_What you are asked to do:_
Restate all entries word for word, minus pictures.

_Records from a collection:_
**********

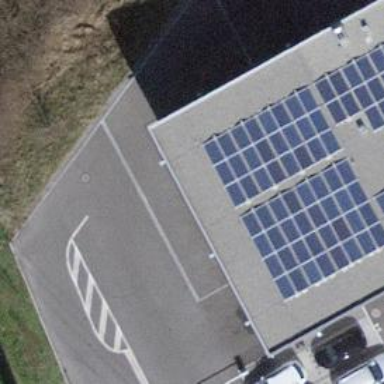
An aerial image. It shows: Solar power generator.
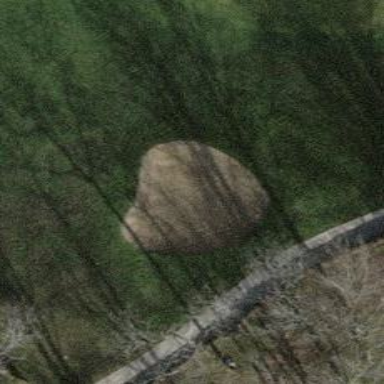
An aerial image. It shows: Golf bunker filled with natural sand.
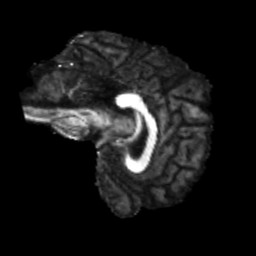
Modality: FA
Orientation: sagittal
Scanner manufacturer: siemens
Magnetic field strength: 3 T
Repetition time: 4 s
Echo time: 0.0594 s

**********

_Expected answer:_
An aerial image. It shows: Solar power generator.
An aerial image. It shows: Golf bunker filled with natural sand.
Modality: FA
Orientation: sagittal
Scanner manufacturer: siemens
Magnetic field strength: 3 T
Repetition time: 4 s
Echo time: 0.0594 s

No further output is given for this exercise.